C of E partner with Twitter for live worship broadcasts

Posted on: October 12th, 2015 by CEP Administrator No Comments
Computers

[ACNS] The Church of England has broadcast a church service live over the internet in what was the first in a new series of weekly broadcasts in partnership with the microblogging site Twitter.

The new service, ChurchLive, was created in conjunction with Twitter UK as a way of showcasing a broad range of live church services to global audiences simply and accessibly through use of a smartphone and the live streaming app Periscope.

The C of E says that ChurchLive could be the first taste of Church for those unfamiliar with church services and an introduction to the best of worship, preaching and prayer.

ChurchLive is also expected to enable people to rediscover church in a new way or for those in other countries to learn more about Church of England services.

“This is a project designed to bring Church of England services from Malton to Miami, Middlesbrough to Milan and Manchester to Mumbai,” the Revd Arun Arora, communications director the Archbishops’ Council said. “Those who may not make it to church on a Sunday for all sorts of reasons will have the opportunity to be part of a service.

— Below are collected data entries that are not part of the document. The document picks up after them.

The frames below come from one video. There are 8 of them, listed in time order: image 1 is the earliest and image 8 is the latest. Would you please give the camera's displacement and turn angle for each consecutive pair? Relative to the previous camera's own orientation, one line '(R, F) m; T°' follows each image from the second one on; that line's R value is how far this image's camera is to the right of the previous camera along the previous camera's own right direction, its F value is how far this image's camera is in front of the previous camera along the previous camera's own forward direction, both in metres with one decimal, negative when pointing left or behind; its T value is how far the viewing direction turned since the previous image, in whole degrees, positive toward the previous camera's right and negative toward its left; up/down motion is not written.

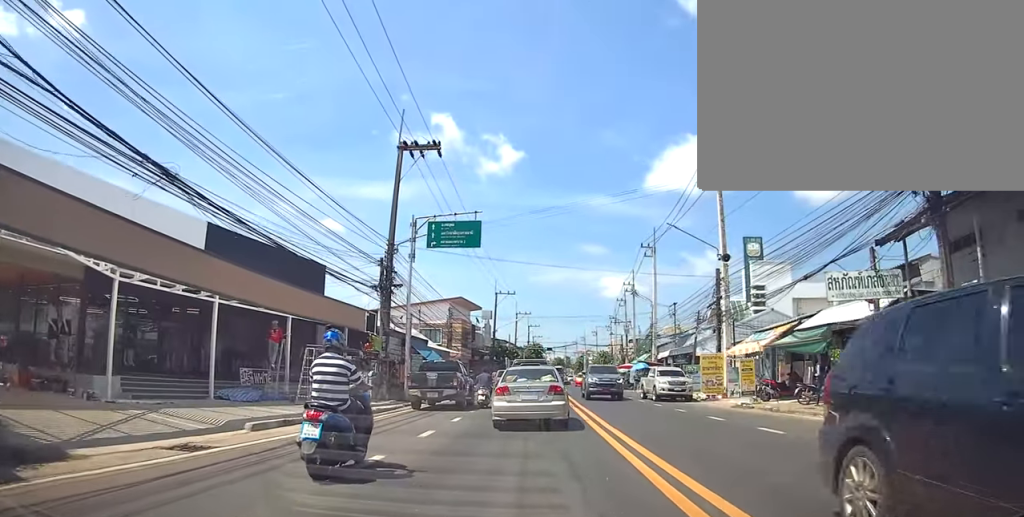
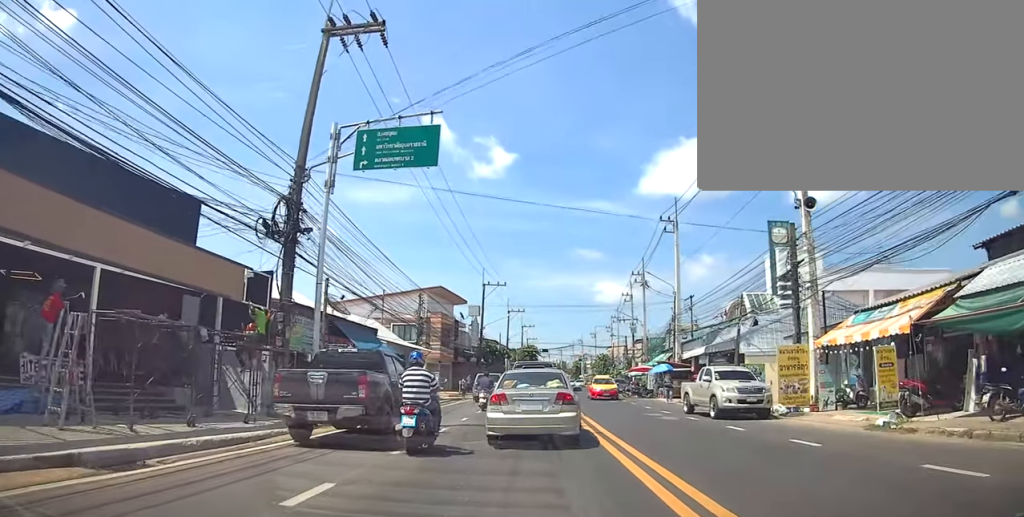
(-0.7, +11.8) m; +2°
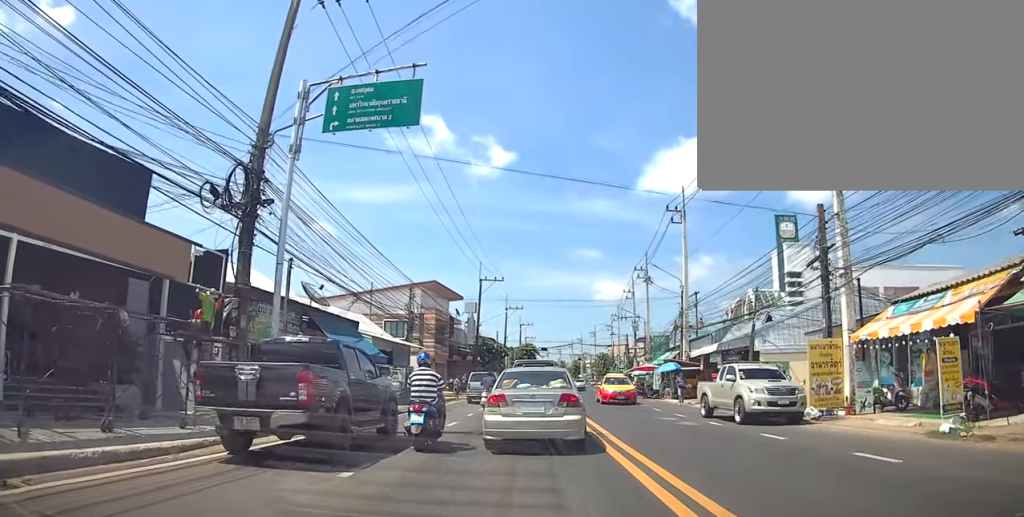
(+0.1, +2.8) m; +3°
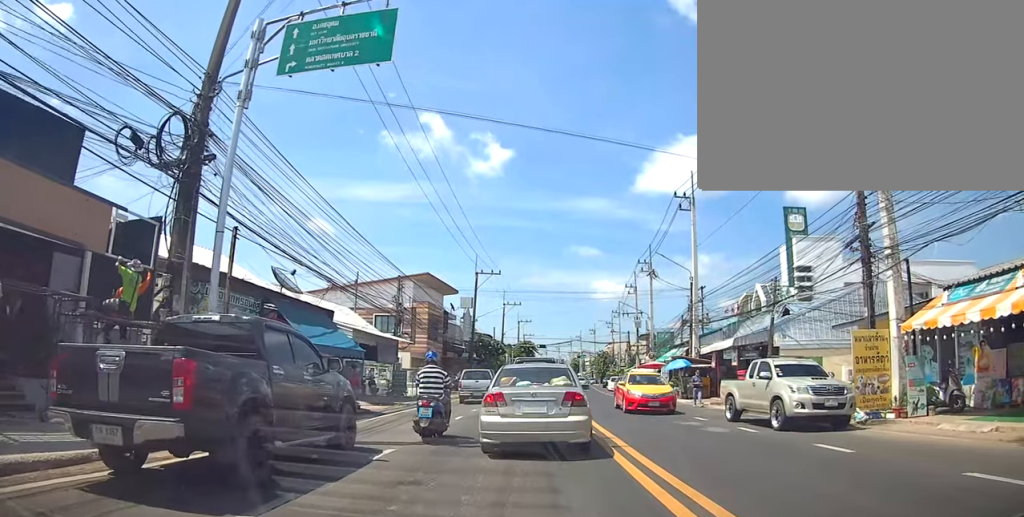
(0.0, +3.1) m; 0°
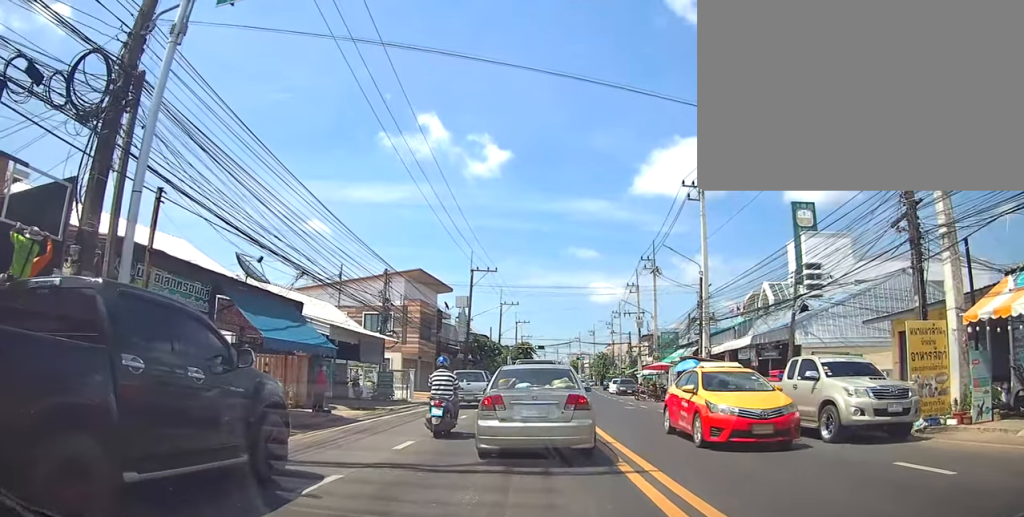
(0.0, +3.2) m; 0°
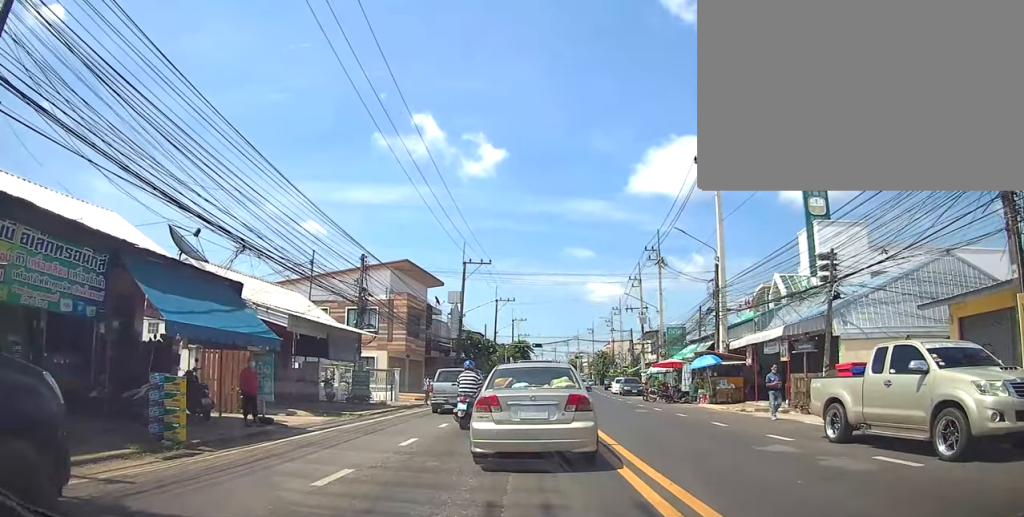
(0.0, +4.3) m; 0°
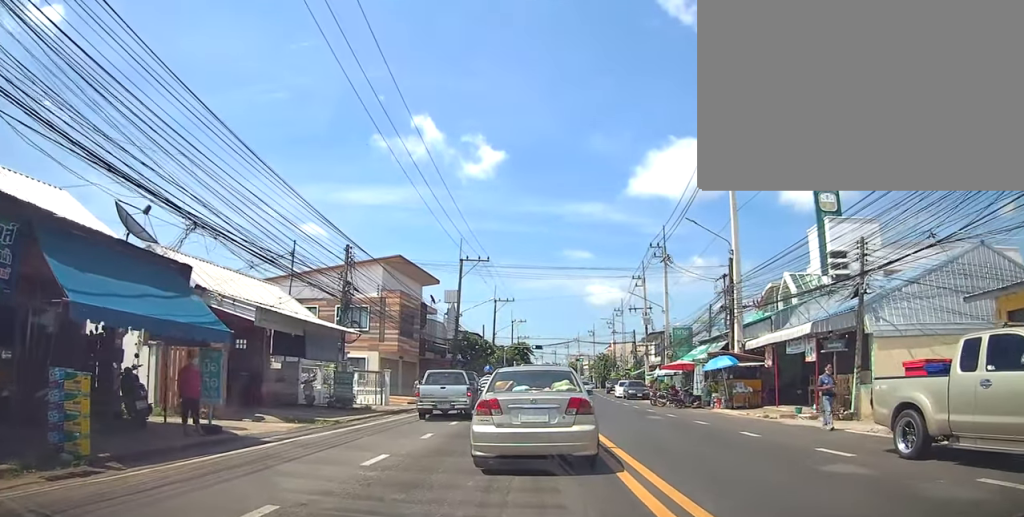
(0.0, +2.4) m; 0°
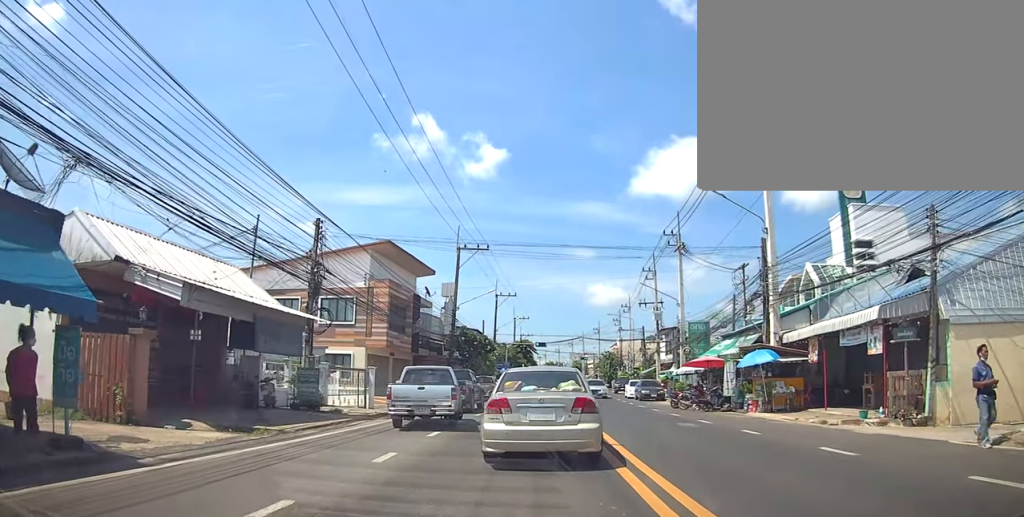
(0.0, +4.1) m; 0°

“The ability to join in worship shouldn’t be restricted to geographical constraint. We know that Periscope users are a global audience and we expect that there will be as many watching services broadcast via Periscope as are physically present at the services themselves.”

Earlier this year parishioners at one village church, St Radegund’s Church in Grayingham, in the Diocese of Lincoln, were joined by another 350 people around the world for their regular traditional Sunday service after becoming the first to experiment with Periscope.

“Periscope gives people and communities the opportunity to live broadcast everything from on-the-spot breaking news through to individual reflections,” said Julia White from Twitter UK. “It’s great to see the Church of England taking the best of what they have to offer and using Periscope to show it live across the world.”

Tallie Proud, the C of E’s digital communications officer, said that viewers of ChurchLive could be “someone too ill to attend, a family who want to attend even when on holiday, or someone who just wants to know what the church is like before they make the sometimes scary step of walking into the building for the first time.”

The first service broadcast as part of the ChurchLive service yesterday came from The Point, a Fresh Expressions church in West Sussex. It featured a contribution from the “Vicar of Baghdad”, the Revd Canon Andrew White. Future transmissions will come from St Martin in the Fields in London and Beverley Minster in Yorkshire.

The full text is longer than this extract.